[EXERCISE DIRECTIONS] Starting at the first line of the records and stopping at the line that contains "#23751 = EDGE_CURVE('',#23752,#23754,#23756,.T.);", transcribe every line exactly and leave out the pictures.

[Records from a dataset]
##########

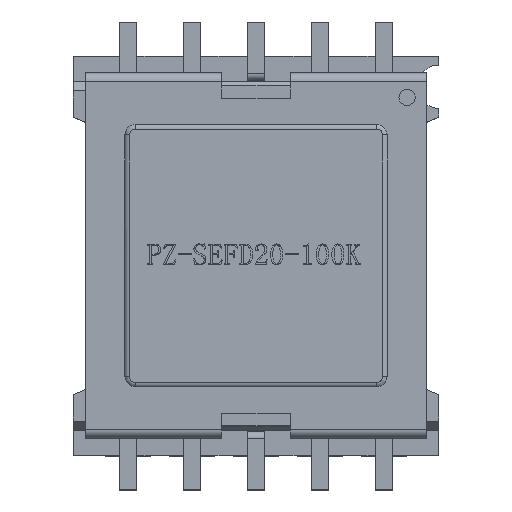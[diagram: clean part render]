
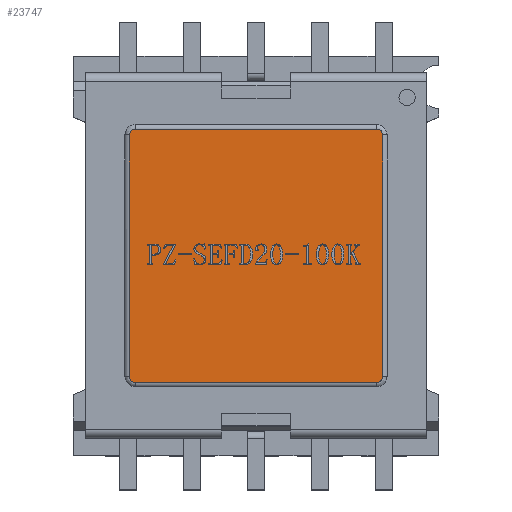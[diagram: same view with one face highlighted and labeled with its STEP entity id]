
A CAD part, top view. The second image highlights one B-rep face of the part: STEP entity #23747.
In plain terms, the highlighted free-form (B-spline) face has degree [1, 1] with [2, 2] control points.
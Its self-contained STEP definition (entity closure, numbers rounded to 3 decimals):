
#23747 = ADVANCED_FACE('',(#23748),#23814,.F.);
#23748 = FACE_BOUND('',#23749,.T.);
#23749 = EDGE_LOOP('',(#23750,#23761,#23768,#23777,#23784,#23793,#23800,
    #23809));
#23750 = ORIENTED_EDGE('',*,*,#23751,.F.);
#23751 = EDGE_CURVE('',#23752,#23754,#23756,.T.);
#23752 = VERTEX_POINT('',#23753);
#23753 = CARTESIAN_POINT('',(-9.147,-9.585,
    6.609));
#23754 = VERTEX_POINT('',#23755);
#23755 = CARTESIAN_POINT('',(-9.585,-9.147,
    6.609));
#23756 = ( BOUNDED_CURVE() B_SPLINE_CURVE(3,(#23757,#23758,#23759,#23760
),.UNSPECIFIED.,.F.,.F.) B_SPLINE_CURVE_WITH_KNOTS((4,4),(0.,1.),
.PIECEWISE_BEZIER_KNOTS.) CURVE() GEOMETRIC_REPRESENTATION_ITEM() 
RATIONAL_B_SPLINE_CURVE((1.,0.805,0.805,1.)) 
REPRESENTATION_ITEM('') );
#23757 = CARTESIAN_POINT('',(-9.147,-9.585,
    6.609));
#23758 = CARTESIAN_POINT('',(-9.403,-9.585,
    6.609));
#23759 = CARTESIAN_POINT('',(-9.585,-9.403,
    6.609));
#23760 = CARTESIAN_POINT('',(-9.585,-9.147,
    6.609));
#23761 = ORIENTED_EDGE('',*,*,#23762,.F.);
#23762 = EDGE_CURVE('',#23763,#23752,#23765,.T.);
#23763 = VERTEX_POINT('',#23764);
#23764 = CARTESIAN_POINT('',(9.147,-9.585,
    6.609));
#23765 = B_SPLINE_CURVE_WITH_KNOTS('',1,(#23766,#23767),.UNSPECIFIED.,
  .F.,.F.,(2,2),(0.,14.2),.PIECEWISE_BEZIER_KNOTS.);
#23766 = CARTESIAN_POINT('',(9.147,-9.585,
    6.609));
#23767 = CARTESIAN_POINT('',(-9.147,-9.585,
    6.609));
#23768 = ORIENTED_EDGE('',*,*,#23769,.F.);
#23769 = EDGE_CURVE('',#23770,#23763,#23772,.T.);
#23770 = VERTEX_POINT('',#23771);
#23771 = CARTESIAN_POINT('',(9.585,-9.147,
    6.609));
#23772 = ( BOUNDED_CURVE() B_SPLINE_CURVE(3,(#23773,#23774,#23775,#23776
),.UNSPECIFIED.,.F.,.F.) B_SPLINE_CURVE_WITH_KNOTS((4,4),(0.,1.),
.PIECEWISE_BEZIER_KNOTS.) CURVE() GEOMETRIC_REPRESENTATION_ITEM() 
RATIONAL_B_SPLINE_CURVE((1.,0.805,0.805,1.)) 
REPRESENTATION_ITEM('') );
#23773 = CARTESIAN_POINT('',(9.585,-9.147,
    6.609));
#23774 = CARTESIAN_POINT('',(9.585,-9.403,
    6.609));
#23775 = CARTESIAN_POINT('',(9.403,-9.585,
    6.609));
#23776 = CARTESIAN_POINT('',(9.147,-9.585,
    6.609));
#23777 = ORIENTED_EDGE('',*,*,#23778,.F.);
#23778 = EDGE_CURVE('',#23779,#23770,#23781,.T.);
#23779 = VERTEX_POINT('',#23780);
#23780 = CARTESIAN_POINT('',(9.585,9.147,6.609
    ));
#23781 = B_SPLINE_CURVE_WITH_KNOTS('',1,(#23782,#23783),.UNSPECIFIED.,
  .F.,.F.,(2,2),(0.,14.2),.PIECEWISE_BEZIER_KNOTS.);
#23782 = CARTESIAN_POINT('',(9.585,9.147,6.609
    ));
#23783 = CARTESIAN_POINT('',(9.585,-9.147,
    6.609));
#23784 = ORIENTED_EDGE('',*,*,#23785,.F.);
#23785 = EDGE_CURVE('',#23786,#23779,#23788,.T.);
#23786 = VERTEX_POINT('',#23787);
#23787 = CARTESIAN_POINT('',(9.147,9.585,6.609
    ));
#23788 = ( BOUNDED_CURVE() B_SPLINE_CURVE(3,(#23789,#23790,#23791,#23792
),.UNSPECIFIED.,.F.,.F.) B_SPLINE_CURVE_WITH_KNOTS((4,4),(0.,1.),
.PIECEWISE_BEZIER_KNOTS.) CURVE() GEOMETRIC_REPRESENTATION_ITEM() 
RATIONAL_B_SPLINE_CURVE((1.,0.805,0.805,1.)) 
REPRESENTATION_ITEM('') );
#23789 = CARTESIAN_POINT('',(9.147,9.585,6.609
    ));
#23790 = CARTESIAN_POINT('',(9.403,9.585,
    6.609));
#23791 = CARTESIAN_POINT('',(9.585,9.403,
    6.609));
#23792 = CARTESIAN_POINT('',(9.585,9.147,6.609
    ));
#23793 = ORIENTED_EDGE('',*,*,#23794,.F.);
#23794 = EDGE_CURVE('',#23795,#23786,#23797,.T.);
#23795 = VERTEX_POINT('',#23796);
#23796 = CARTESIAN_POINT('',(-9.147,9.585,
    6.609));
#23797 = B_SPLINE_CURVE_WITH_KNOTS('',1,(#23798,#23799),.UNSPECIFIED.,
  .F.,.F.,(2,2),(-14.2,0.),.PIECEWISE_BEZIER_KNOTS.);
#23798 = CARTESIAN_POINT('',(-9.147,9.585,
    6.609));
#23799 = CARTESIAN_POINT('',(9.147,9.585,6.609
    ));
#23800 = ORIENTED_EDGE('',*,*,#23801,.F.);
#23801 = EDGE_CURVE('',#23802,#23795,#23804,.T.);
#23802 = VERTEX_POINT('',#23803);
#23803 = CARTESIAN_POINT('',(-9.585,9.147,
    6.609));
#23804 = ( BOUNDED_CURVE() B_SPLINE_CURVE(3,(#23805,#23806,#23807,#23808
),.UNSPECIFIED.,.F.,.F.) B_SPLINE_CURVE_WITH_KNOTS((4,4),(0.,1.),
.PIECEWISE_BEZIER_KNOTS.) CURVE() GEOMETRIC_REPRESENTATION_ITEM() 
RATIONAL_B_SPLINE_CURVE((1.,0.805,0.805,1.)) 
REPRESENTATION_ITEM('') );
#23805 = CARTESIAN_POINT('',(-9.585,9.147,
    6.609));
#23806 = CARTESIAN_POINT('',(-9.585,9.403,
    6.609));
#23807 = CARTESIAN_POINT('',(-9.403,9.585,
    6.609));
#23808 = CARTESIAN_POINT('',(-9.147,9.585,
    6.609));
#23809 = ORIENTED_EDGE('',*,*,#23810,.F.);
#23810 = EDGE_CURVE('',#23754,#23802,#23811,.T.);
#23811 = B_SPLINE_CURVE_WITH_KNOTS('',1,(#23812,#23813),.UNSPECIFIED.,
  .F.,.F.,(2,2),(-14.2,0.),.PIECEWISE_BEZIER_KNOTS.);
#23812 = CARTESIAN_POINT('',(-9.585,-9.147,
    6.609));
#23813 = CARTESIAN_POINT('',(-9.585,9.147,
    6.609));
#23814 = B_SPLINE_SURFACE_WITH_KNOTS('',1,1,(
    (#23815,#23816)
    ,(#23817,#23818
    )),.UNSPECIFIED.,.F.,.F.,.F.,(2,2),(2,2),(-14.54,
    0.34),(-14.54,0.34),
  .PIECEWISE_BEZIER_KNOTS.);
#23815 = CARTESIAN_POINT('',(-9.585,-9.585,
    6.609));
#23816 = CARTESIAN_POINT('',(9.585,-9.585,
    6.609));
#23817 = CARTESIAN_POINT('',(-9.585,9.585,
    6.609));
#23818 = CARTESIAN_POINT('',(9.585,9.585,
    6.609));

##########

[REPLY TO THE TASK]
[diagram: clean part render]
[diagram: same view with one face highlighted and labeled with its STEP entity id]
A CAD part, top view. The second image highlights one B-rep face of the part: STEP entity #23747.
In plain terms, the highlighted free-form (B-spline) face has degree [1, 1] with [2, 2] control points.
Its self-contained STEP definition (entity closure, numbers rounded to 3 decimals):
#23747 = ADVANCED_FACE('',(#23748),#23814,.F.);
#23748 = FACE_BOUND('',#23749,.T.);
#23749 = EDGE_LOOP('',(#23750,#23761,#23768,#23777,#23784,#23793,#23800,
    #23809));
#23750 = ORIENTED_EDGE('',*,*,#23751,.F.);
#23751 = EDGE_CURVE('',#23752,#23754,#23756,.T.);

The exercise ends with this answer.